Former A&M Football Players Reflect On Bonfire Collapse

By: Shane McAuliffe Email
By: Shane McAuliffe Email

The Texas A&M University Bonfire was centered around the Aggie spirit and the school's annual rivalry with the University of Texas on the football field. One week before it was set to burn, the unthinkable happened.

Texas A&M Head Coach R.C. Slocum first got the news in the early morning hours.

"You knew at that time that it was something that was really bad and probably going to get worse," said Slocum.

Stuck in a moment of time, the entire Texas A&M football team looked to help those who looked to them for so long.

"What can we do? You kind of felt helpless. We said shoot, lets go over there and see if we can help so we didn't wait to ask, we just loaded up the trucks," said former Texas A&M wide receiver Matt Bumgardner.

"A group of us seniors said hey lets go out there and help them. So we got together as a group and decided that if we're going to go then we're all going," said former quarterback Randy McCown.

"That's when the players came over to the Bonfire site to help with the continuing removal of the logs," Bumgardner said.

McCown and Bumgardner had never seen the sheer size of the Bonfire construction.

"You know we never got to go to Bonfire. We would go the night before and all we saw was a bunch of people and the thing go up in flames. We never got to be up close and personal to it. So just to see how what it was and it was amazing to see how many logs went into this thing," said McCown.

"I remember sitting there thinking, Wow, 24 hours ago students were out here having fun, celebrating the great tradition we had in Bonfire," said Bumgardner.

When the team arrived to the site, rescue efforts were still in the process.

"At first, they were hesitant to let us through. The way they were bringing the pile down or disassembling it, they were doing it by hand. We were some of the biggest guys on campus so we told them that we're going to help, so you might as well let us through," said McCown.

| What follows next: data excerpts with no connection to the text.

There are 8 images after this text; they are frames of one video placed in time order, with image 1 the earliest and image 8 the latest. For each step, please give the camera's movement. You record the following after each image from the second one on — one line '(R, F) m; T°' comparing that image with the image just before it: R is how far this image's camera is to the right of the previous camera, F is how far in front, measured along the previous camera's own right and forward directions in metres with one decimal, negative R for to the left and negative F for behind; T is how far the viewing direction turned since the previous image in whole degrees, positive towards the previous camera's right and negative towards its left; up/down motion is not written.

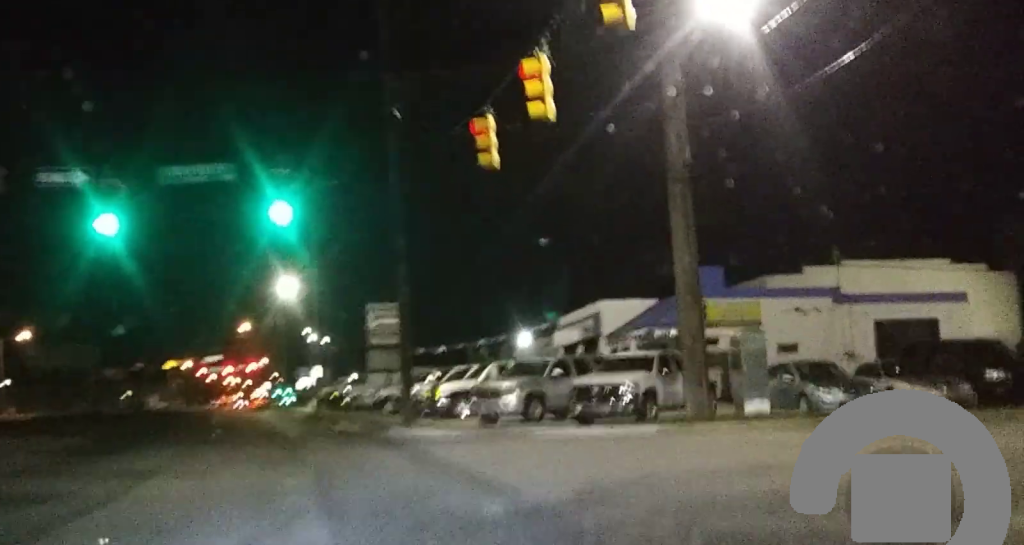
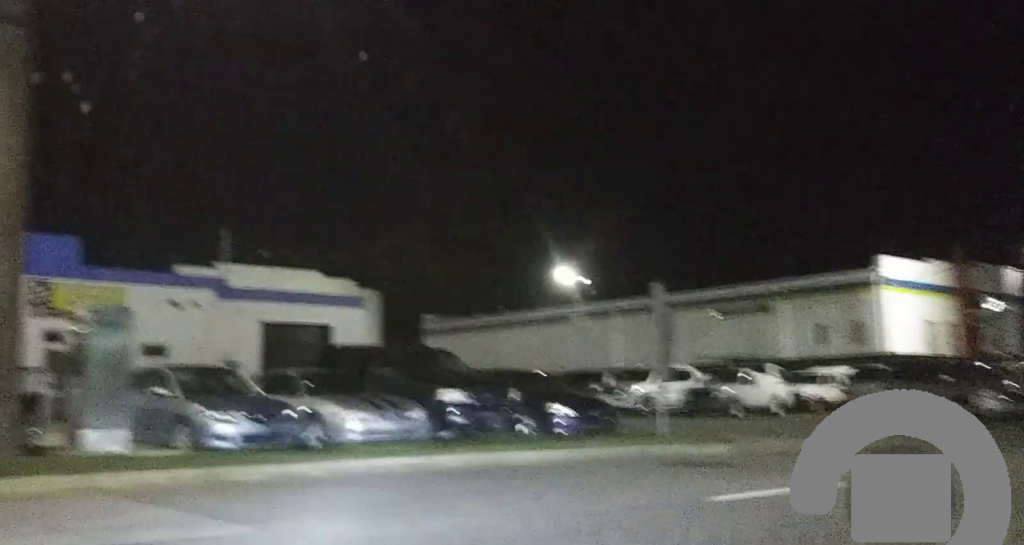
(+2.8, +11.7) m; +30°
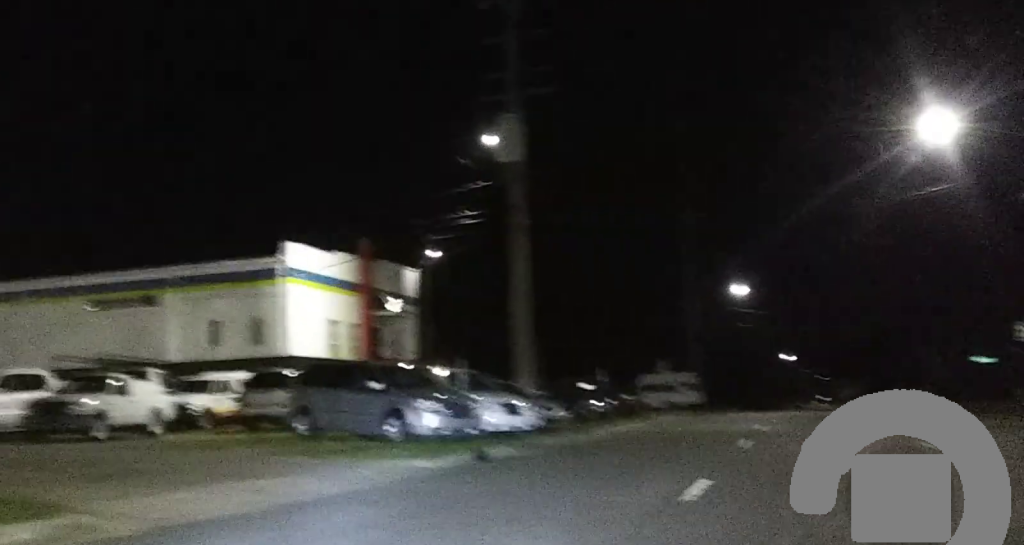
(+2.6, +10.0) m; +26°
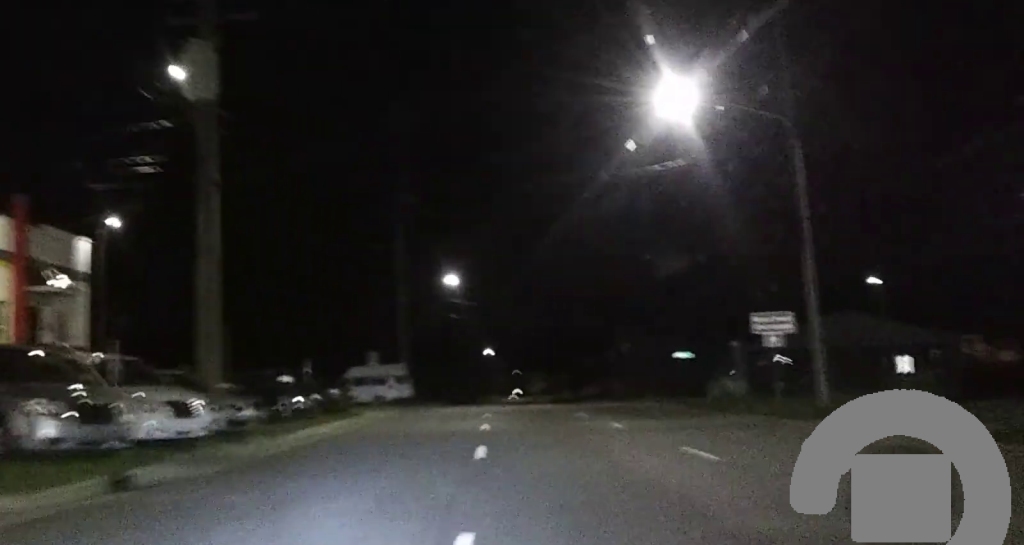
(+0.7, +6.5) m; +11°
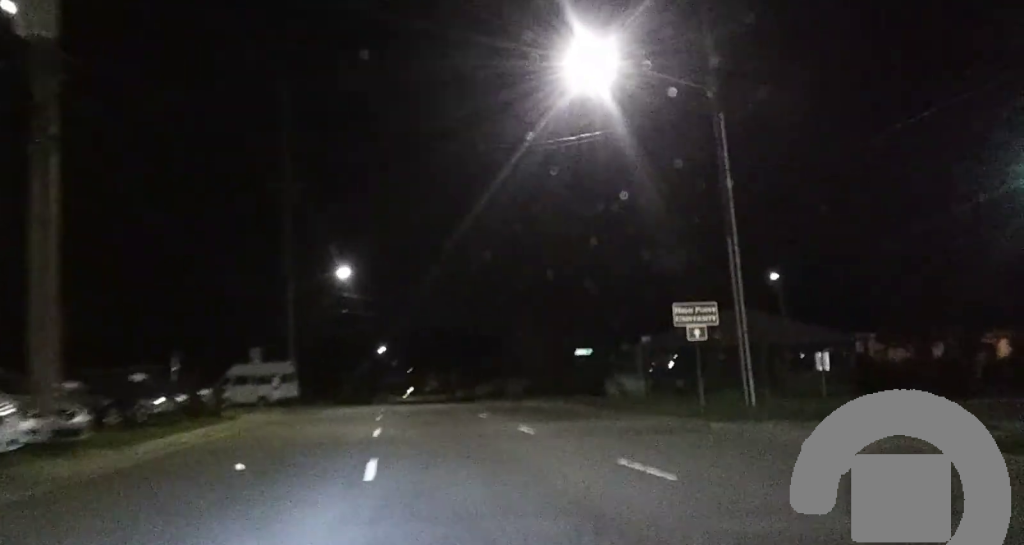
(+0.1, +3.8) m; +5°
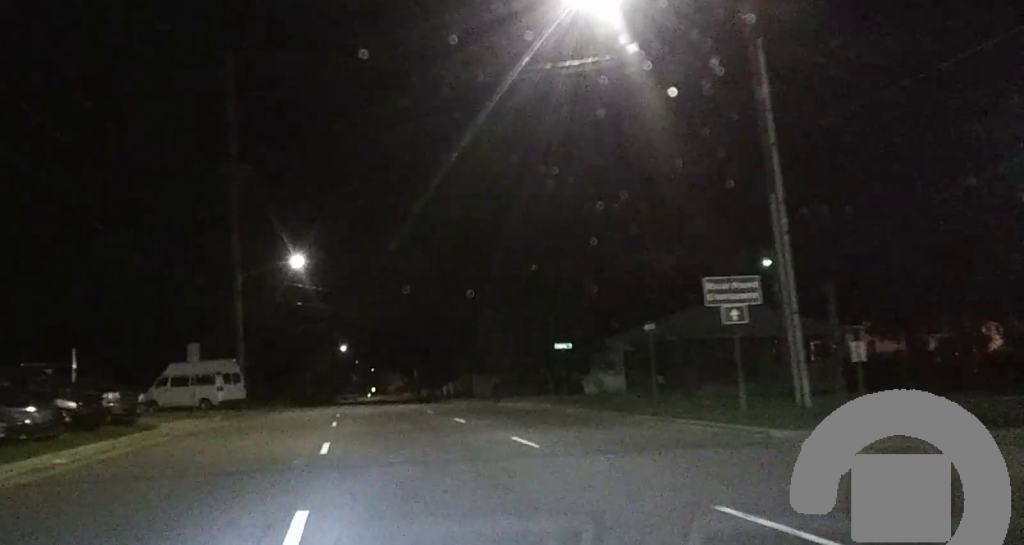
(+0.6, +6.5) m; +5°
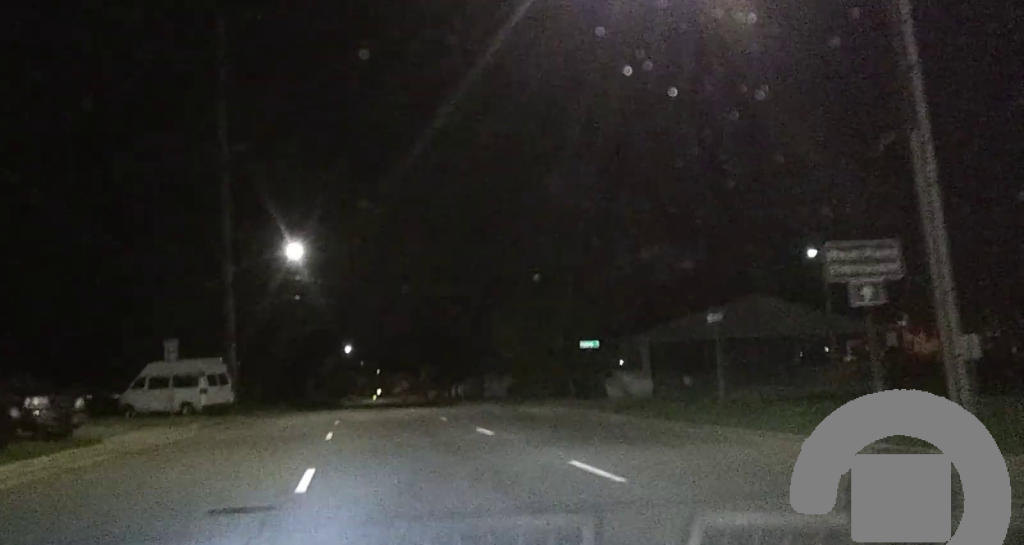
(+0.1, +6.2) m; 0°
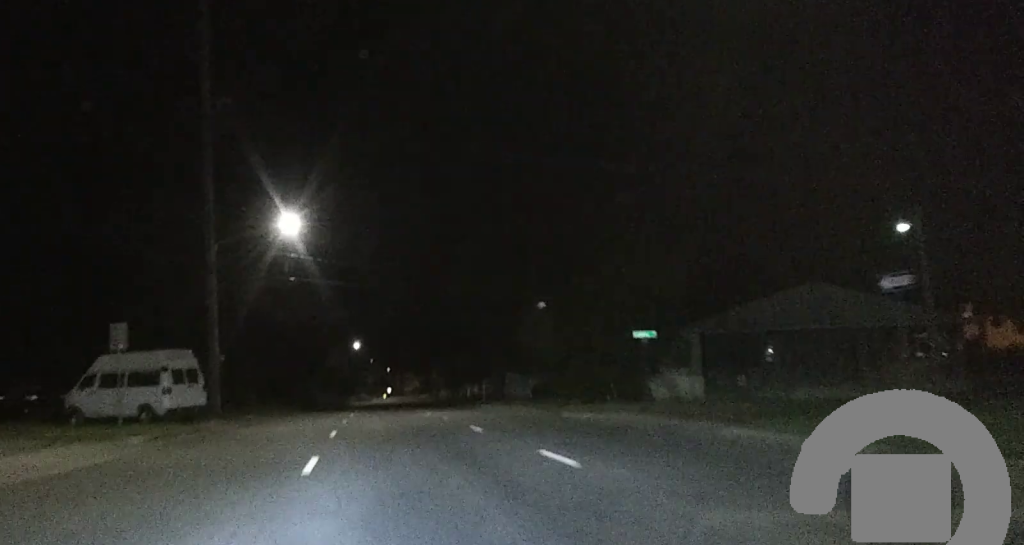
(-0.2, +10.6) m; -1°

"To come over and see in the truest sense the spirit of the bonfire of Aggies working together. To see our football players, corps guys, non regs, just everybody in there together with a common goal of removing those logs, which is a tremendous task," said Slocum.

"You know this thing was built to represent our burning desire to beat Texas and these guys did it for us so the least we can do is go out there and help them," said McCown.

The collapse made everyone forget about football. It was about supporting one another in a tragedy that affected some of the toughest guys on campus.

"I didn't know any of the people that passed away but you feel a closeness with them. That's what is weird about the Aggie spirit. You really felt like you knew them in a way, we were all kind of in mourning," said Bumgardner.

"Everybody was working together and that was one of the things I'll never forget. The unity that you felt just personified what A&M is about," said McCown.